In fact, although generally considered passive filterers, some selectivity by daphnids based on particle size [59], food quality [60] and prey hardness [15] has been reported. Mechanistic explanations to these observations vary but include adjustment of the filtering mesh and screen sizes [61]. Due to the lack of acclimation in our experiments, it is possible that kaolin was selected against due to morphological constraints of the filtering apparatus during the short term feeding experiment, while morphological adaptations had time to develop in the other experiments resulting in similar responses for all particle types [62].

4.3 MP processing in the digestive tract

As concerns have been raised regarding the potential of MPs to cause a mechanical obstruction of the digestive tract in zooplankters [27], we hypothesized that the ingestion of irregular SMPs would result in longer GPT. Both primary and secondary plastic particles were however evacuated within previously reported time ranges for spherical plastic particles and algae (c.f. [63,64]). However, in addition to the differences in aggregate formation, the primary and secondary MPs were significantly different in their evacuation rate from the gut. Moreover, a change in the proportion of MP in the feeding suspension caused an opposite response in the evacuation rate between SMPs and PMPs. When the proportion of MPs in the feeding suspension was low, the SMPs were evacuated faster than the PMPs. However, when this proportion—but also the total particle count in the suspension—increased 3-fold, the opposite was observed (S6 Table). For the PMPs, the increased evacuation at higher proportion of plastics in the media could be explained by the relatively higher contribution of non-digestible particles in the feeding suspension which has been shown to increase evacuation rate in daphnids [65]. Alternatively, this response can be driven by the increase in the total particle abundance and corresponding increase in gut evacuation as shown for normal daphnia feeding response to increased algal abundance [63,66]. The opposite pattern seen in the SMP treatment does however indicate other mechanisms at play. In fact, decreased evacuation at higher plastic contribution was observed in concert with the higher proportion of SMP aggregates in the guts, suggesting that the ingestion of such aggregates or MP agglomeration in the digestive tract slows down their egestion. Even though we could not detect obstruction of the digestive tract by SMPs, we did observe a clear negative effect on evacuation rate which also was reflected in negative fitness responses different from both spherical MPs and natural kaolin.

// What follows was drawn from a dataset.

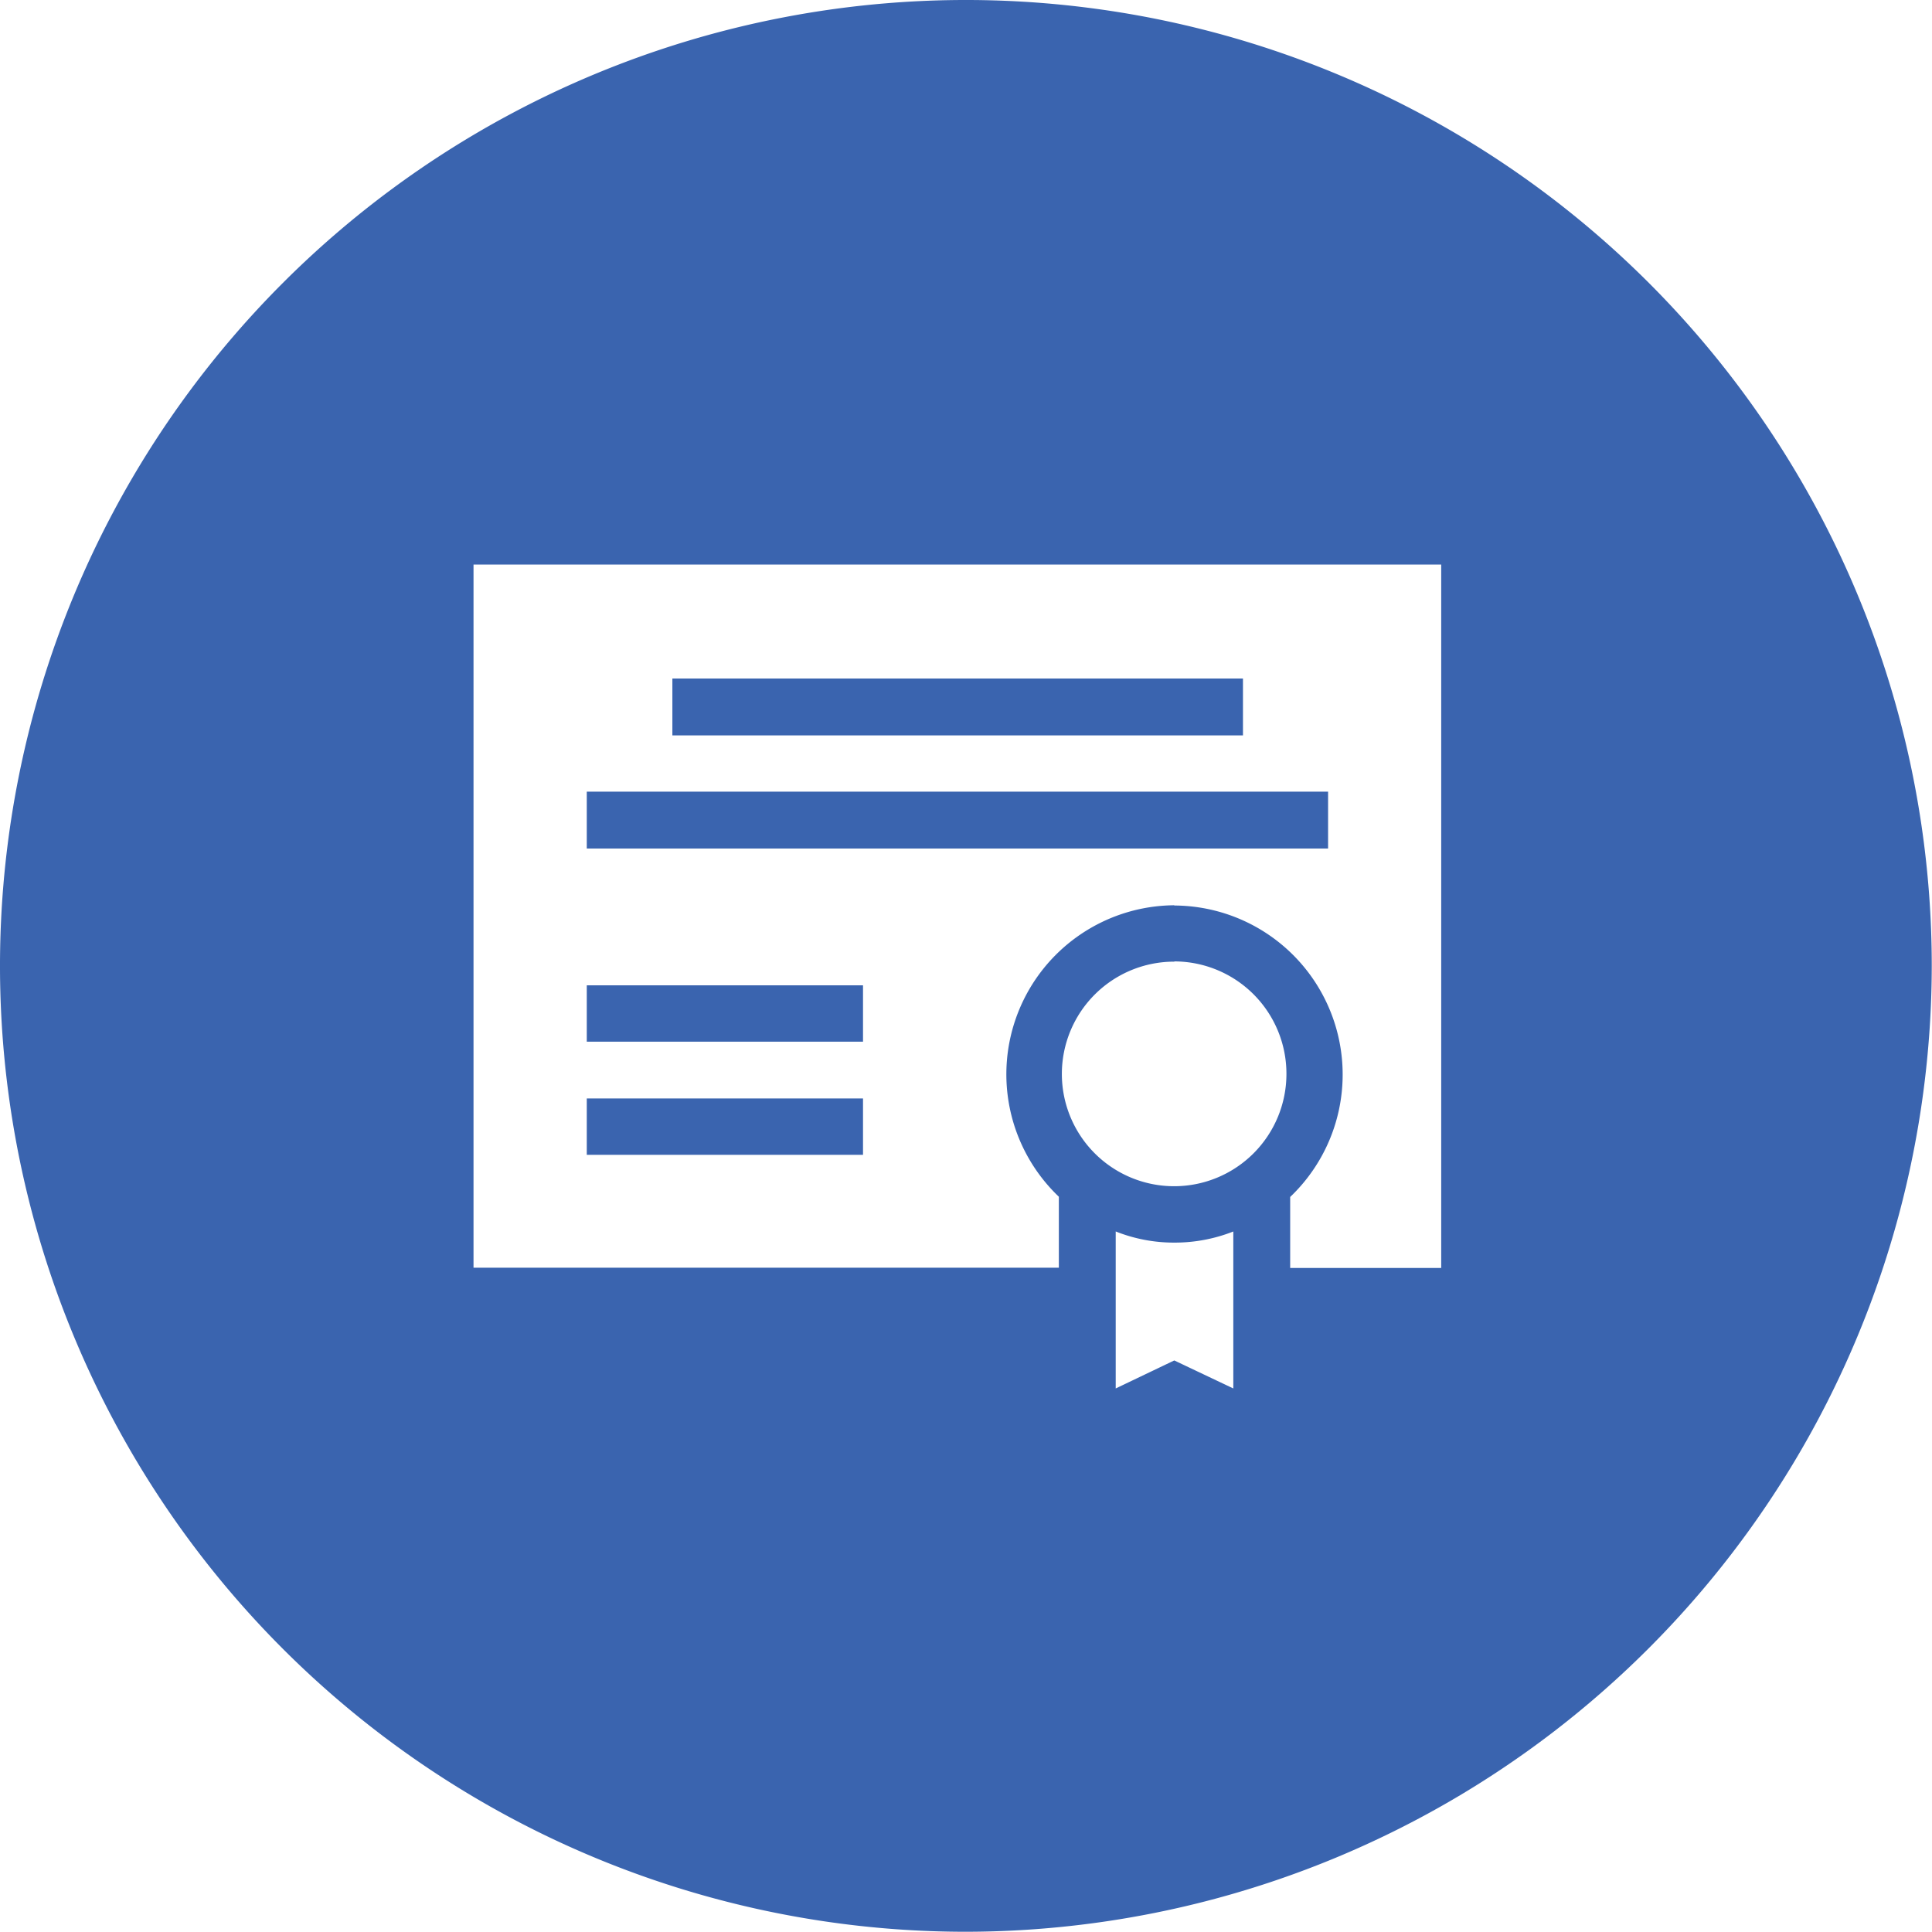 <svg xmlns="http://www.w3.org/2000/svg" width="16.002" height="16.002" viewBox="0 0 16.002 16.002">
  <path id="Exclusión_1" data-name="Exclusión 1" d="M11751,18052.5a8,8,0,1,1,8-8A8.01,8.01,0,0,1,11751,18052.5Zm1.241-5.8v1.3l.485-.232v0l.489.232v-1.3a1.32,1.32,0,0,1-.489.092A1.3,1.3,0,0,1,11752.242,18046.7Zm.485-2.7a1.4,1.4,0,0,1,.96,2.414v.588h1.251v-5.826h-8.015V18047h4.848v-.588a1.4,1.4,0,0,1,.956-2.414Zm0,.465a.93.93,0,1,0,.929.93A.93.93,0,0,0,11752.728,18044.463Zm-2.578,1.6h-2.288v-.467h2.288v.467Zm0-.937h-2.288v-.467h2.288v.467Zm3.847-1.6h-6.135v-.471H11754v.471Zm-.7-.937h-4.726v-.471h4.726v.471Z" transform="translate(-11743 -18036.5)" fill="#3a64af"/>
</svg>

4.4 No maternal effects on food intake, survival and birth size

Maternal effects have been observed by, for example, Garbutt and Little [13] who found reduced clearance rates over the course of a 24 h experiment in offspring born by food limited mothers. Also, Gliwicz and Guisande [12] observed survival time during starvation to be conditional on the feeding history of the mothers, i.e. increased neonate survival if their mothers were exposed to low food levels. The F₁ females in our study were all reared under food limited conditions and the addition of MPs and kaolin further increased this stress, which was expressed by decreased growth, fecundity and survival; especially at the highest SMP concentration. However, contrary to our expectations, no significant differences in feeding rate, birth size or survival were detected in neonates born by females exposed to MPs and kaolin.